A graded R module M is based on a graded ring R, as described above. Write M as the direct sum over Md. Once again, each Md is closed under addition. Furthermore, the degree of cx is the degree of c (in R) plus the degree of x (in M), or cx = 0.

Let Hn be the submodule that is the direct sum of Md, as d runs from n to infinity. Build a metric on M, just as we did on R. This turns M into a metric space. The completion of M becomes formal power series in w, with coefficients in Md. These series are not multiplied together, but they can be multiplied by a polynomial that represents an element of R. When a coefficient in Rd is multiplied by a coefficient in Md, invoke the action of R on M. In other words, the action is determined by the action of each homogeneous element of R on each homogeneous element of M.
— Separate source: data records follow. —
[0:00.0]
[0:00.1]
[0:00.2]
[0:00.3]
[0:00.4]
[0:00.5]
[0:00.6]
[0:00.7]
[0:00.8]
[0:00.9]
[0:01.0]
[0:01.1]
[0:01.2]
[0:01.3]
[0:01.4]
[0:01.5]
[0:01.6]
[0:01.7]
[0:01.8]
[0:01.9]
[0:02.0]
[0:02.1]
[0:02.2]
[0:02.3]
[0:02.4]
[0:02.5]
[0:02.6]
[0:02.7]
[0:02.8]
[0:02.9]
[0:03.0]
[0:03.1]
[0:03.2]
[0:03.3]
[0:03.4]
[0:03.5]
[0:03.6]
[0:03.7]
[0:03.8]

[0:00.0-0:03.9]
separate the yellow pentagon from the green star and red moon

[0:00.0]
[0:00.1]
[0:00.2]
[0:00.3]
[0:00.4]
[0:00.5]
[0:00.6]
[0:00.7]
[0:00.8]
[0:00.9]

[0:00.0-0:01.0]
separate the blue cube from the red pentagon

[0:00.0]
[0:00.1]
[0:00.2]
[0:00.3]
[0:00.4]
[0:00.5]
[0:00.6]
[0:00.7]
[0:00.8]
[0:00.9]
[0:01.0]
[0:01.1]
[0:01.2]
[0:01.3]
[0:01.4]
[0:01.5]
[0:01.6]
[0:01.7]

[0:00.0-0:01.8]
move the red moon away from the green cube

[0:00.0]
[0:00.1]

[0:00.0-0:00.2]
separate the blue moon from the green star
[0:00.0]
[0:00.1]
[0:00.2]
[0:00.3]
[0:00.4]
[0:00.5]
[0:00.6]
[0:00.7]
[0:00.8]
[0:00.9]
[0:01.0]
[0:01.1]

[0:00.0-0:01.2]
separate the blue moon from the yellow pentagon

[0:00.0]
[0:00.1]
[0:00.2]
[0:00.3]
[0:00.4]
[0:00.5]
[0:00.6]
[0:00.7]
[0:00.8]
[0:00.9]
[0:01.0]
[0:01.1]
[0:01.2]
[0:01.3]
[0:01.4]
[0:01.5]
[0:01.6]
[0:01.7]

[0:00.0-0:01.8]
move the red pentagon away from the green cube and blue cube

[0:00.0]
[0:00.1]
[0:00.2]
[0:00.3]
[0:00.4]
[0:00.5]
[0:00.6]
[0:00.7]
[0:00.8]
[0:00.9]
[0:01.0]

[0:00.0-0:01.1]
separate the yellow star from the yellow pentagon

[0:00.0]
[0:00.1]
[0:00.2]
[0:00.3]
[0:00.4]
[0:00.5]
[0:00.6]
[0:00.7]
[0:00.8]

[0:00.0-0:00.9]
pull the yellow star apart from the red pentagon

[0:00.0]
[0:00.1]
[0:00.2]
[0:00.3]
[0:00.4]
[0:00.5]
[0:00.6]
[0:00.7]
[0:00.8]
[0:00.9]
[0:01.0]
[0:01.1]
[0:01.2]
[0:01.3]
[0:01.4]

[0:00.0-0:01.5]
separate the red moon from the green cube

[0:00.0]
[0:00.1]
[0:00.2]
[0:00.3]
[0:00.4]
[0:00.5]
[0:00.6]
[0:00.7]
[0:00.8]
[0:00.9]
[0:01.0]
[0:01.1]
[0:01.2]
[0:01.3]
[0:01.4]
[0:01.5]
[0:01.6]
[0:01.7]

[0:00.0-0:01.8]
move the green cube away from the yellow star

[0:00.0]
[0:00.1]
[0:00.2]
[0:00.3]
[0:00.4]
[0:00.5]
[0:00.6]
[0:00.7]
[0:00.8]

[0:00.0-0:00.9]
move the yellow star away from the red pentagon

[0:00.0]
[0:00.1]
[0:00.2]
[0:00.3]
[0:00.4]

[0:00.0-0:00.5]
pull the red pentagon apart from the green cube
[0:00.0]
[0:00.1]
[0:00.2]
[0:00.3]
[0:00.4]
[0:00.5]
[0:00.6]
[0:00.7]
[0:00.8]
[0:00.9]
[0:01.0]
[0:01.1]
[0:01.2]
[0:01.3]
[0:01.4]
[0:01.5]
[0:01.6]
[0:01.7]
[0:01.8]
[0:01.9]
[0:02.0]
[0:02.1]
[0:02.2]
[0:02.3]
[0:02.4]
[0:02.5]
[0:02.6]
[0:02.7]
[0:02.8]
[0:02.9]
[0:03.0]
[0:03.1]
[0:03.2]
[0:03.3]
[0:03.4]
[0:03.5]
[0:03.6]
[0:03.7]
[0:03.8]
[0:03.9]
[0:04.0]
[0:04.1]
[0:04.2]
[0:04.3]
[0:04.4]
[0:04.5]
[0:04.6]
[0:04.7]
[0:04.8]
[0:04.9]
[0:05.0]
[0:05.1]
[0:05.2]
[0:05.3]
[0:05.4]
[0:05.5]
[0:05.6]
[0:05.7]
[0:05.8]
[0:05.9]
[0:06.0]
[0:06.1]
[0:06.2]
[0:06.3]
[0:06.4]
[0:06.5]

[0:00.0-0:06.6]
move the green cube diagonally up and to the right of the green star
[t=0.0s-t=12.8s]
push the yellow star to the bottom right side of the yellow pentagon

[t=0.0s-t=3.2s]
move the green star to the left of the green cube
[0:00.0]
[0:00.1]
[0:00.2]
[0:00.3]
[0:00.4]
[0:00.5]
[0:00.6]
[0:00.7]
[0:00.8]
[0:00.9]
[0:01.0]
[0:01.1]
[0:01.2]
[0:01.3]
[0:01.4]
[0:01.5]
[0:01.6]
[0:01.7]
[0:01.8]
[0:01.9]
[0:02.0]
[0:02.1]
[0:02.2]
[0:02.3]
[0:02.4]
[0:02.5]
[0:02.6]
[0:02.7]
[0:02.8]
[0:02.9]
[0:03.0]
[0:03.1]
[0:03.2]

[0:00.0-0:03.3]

A graded ring R is a graded R module; simply let R act on itself.

A homomorphism between graded modules takes homogeneous elements of degree d (outside the kernel) to homogeneous elements of degree d+d0, for some offset d0, specific to the homomorphism. Thus the graded R modules form a subcategory of R modules.

Trivial / Artinian

Any ring could be graded, simply by dumping the entire ring into R0. This satisfies the definition, but we don't usually consider this a graded ring. We need some homogeneous c in R with degree > 0. Similarly, a graded module has some x with degree > 0.

The descending chain of ideals in R, or submodules in M, cannot stabilize at anything other than 0. A nonzero x in every Hn is the sum of homogeneous parts, and at some point, the lowest homogeneous component drops away, and x disappears, leading to a smaller ideal. Thus R, or M, is artinian iff its nth ideal or module becomes 0.

Integral Domain

The graded ring R has zero divisors iff it has homogeneous zero divisors. If xy = 0, the highest degree term of x times the highest degree term of y has to equal 0.

If R is an integral domain, let x have nonzero degree. The powers of x are nonzero, the chain of descending ideals cannot stabilize at 0, and R is not artinian.

The product of homogeneous elements is homogeneous by definition. The converse holds in an integral domain. If xy is homogeneous, look at the lowest and highest degree terms of x times y, and conclude x and y are homogeneous.